Il faudrait prendre la vie comme une espèce de “pack”, un forfait plus ou moins généreux et considérer toutes les jolies choses qui se présentent sans qu’on ne les ait demandées comme un “bonus”. Une jolie surprise, un beau moment, une chouette histoire. Mais rien de plus. Ne rien en espérer, ne rien en attendre, les laisser vivre à leur rythme sans forcer le pas, et voir.
Et au bout d’un certain temps, éventuellement, tenter de voir si on a le droit d’en attendre/demander quelque chose.
Être patience, en somme. Ou essayer.
Again
18 juin 2008
Je l’ai revue, hier, ma petite autiste. Habillée de turquoise, les yeux fardés de la même couleur. Elle souriait toute seule, encore, et ses balancements un peu violents ont fait sursauter sa voisine, qui l’a tancée d’un oeil sévère.
Les gens pensent que la folie se trouvent dans l’anormalité, la marginalité et la différence. Ils se trompent.
Je l’envie, moi. Son air insouciant, sa gaieté, son sourire. Elle a l’air heureuse, malgré tout cela. Peut-être parce qu’elle ne sait pas, parce qu’elle ne se rend pas compte, mais même de cela on ne peut être sûr.
Je pense qu’elle sait, et peut-être même qu’elle l’a choisi. Sa différence est la meilleure arme contre les mesquineries de ce bas-monde. L’autisme est peut-être, après tout, le summum de l’égoïsme. Allez savoir.
Bizarre…
12 juin 2008
J’ai eu un drôle de sentiment, ce matin, en voyant cette autiste rire aux éclats dans le RER en se balançant au rythme des mouvements de la rame.

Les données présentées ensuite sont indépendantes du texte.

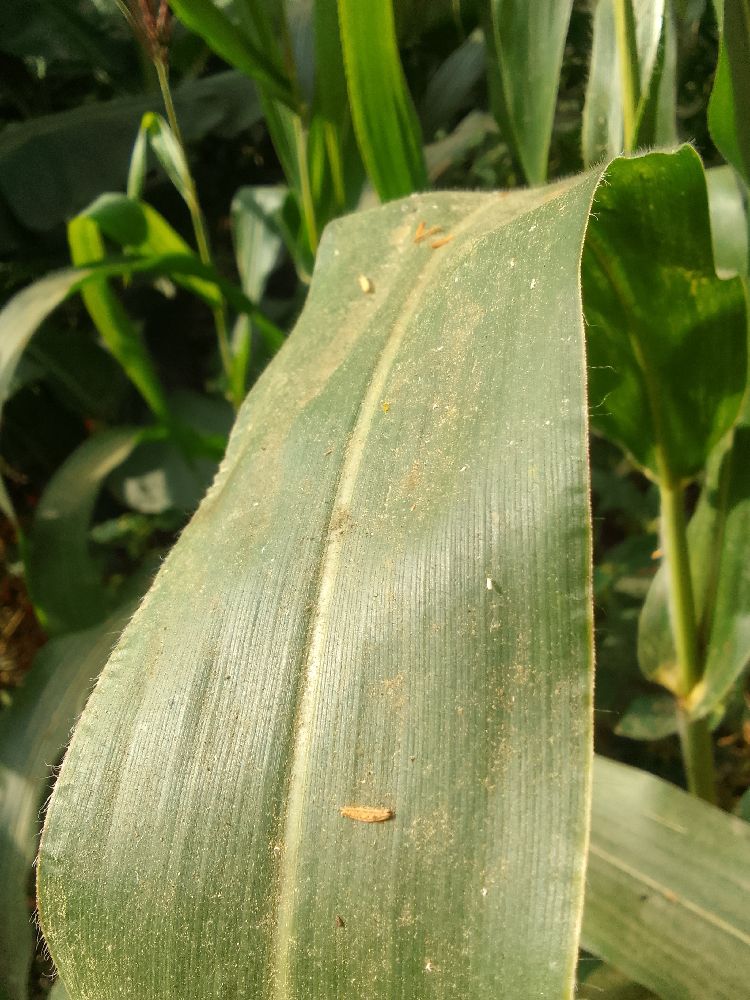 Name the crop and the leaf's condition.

maize, healthy

Comme une espèce de joie et de soulagement, et d’espoir aussi.
Bien sûr les gens la regardaient bizarrement,
bien sûr personne n’avait l’air de comprendre,
mais elle avait l’air heureuse.
Et je ne sais pas pourquoi, mais cela me rassure.
[...]
2 juin 2008
Il pleure dans mon coeur comme il pleut sur la ville (tsoin tsoin).
C’est bête à écrire mais je crois que je n’ai plus rien à dire. Ou l’inverse.
Tout me semble désormais bien vain.
Futinutilités
21 mai 2008
Tout passe, tout lasse… (tout casse ?)
Les premières fois ont une saveur perdue à jamais.
Les rencontres se multiplient, et au fur et à mesure qu’on voit le même scénario se dérouler sous ses yeux, que l’on retombe ou non dans ses vieux travers, que l’on répète ou non les erreurs précédemment commises, que la personne en face soit intéressante ou non… le constat reste le même.
Il y a comme une fadeur, une vanité (dans le sens de “vain”)…
On sait exactement comment se passeront les choses, ce qui précédera la véritable rencontre (physique) et ce qui peut la suivre. On se rend même compte que ce qui faisait battre le coeur les premières fois n’éveille à présent que quelques maigres frissons.
Déception ?
Et le goût du jeu a beau être fort, il y a quand même un moment où il faut se poser la question fatidique.
A quoi bon ?
Cette question-là, n’a, pour l’instant chez moi, pas de réponse.
La pie fait des siennes dans le jardin, entre la gamelle du chat et ce que lui offre la nature, la carte est plus que large. Autant en profiter.
J’en suis une autre, de pie, moi. En relisant mes dernières notes, je me rends compte qu’il y a des tournures, des expressions, que j’ai piquées dans les nombreux blogs qui peuplent mon agrégateur RSS.
Je doute que leurs auteurs arrivent un jour sur ces pages, mais si tel est le cas, j’espère qu’ils considéreront l’emprunt comme une marque d’admiration, un hommage, disons… et non comme un vulgaire plagiat !
Patrie, terre étrangère
5 mai 2008
Plus le temps passe, plus je me promène dans ce vaste monde qui est le nôtre, plus je me dis que j’aurais dû naître ailleurs.
La France ne me va pas/plus, en admettant qu’elle ait pu me correspondre un jour.
Je finis toujours par me sentir mieux à l’étranger qu’en mon propre pays, et les retours se font de plus en plus difficiles.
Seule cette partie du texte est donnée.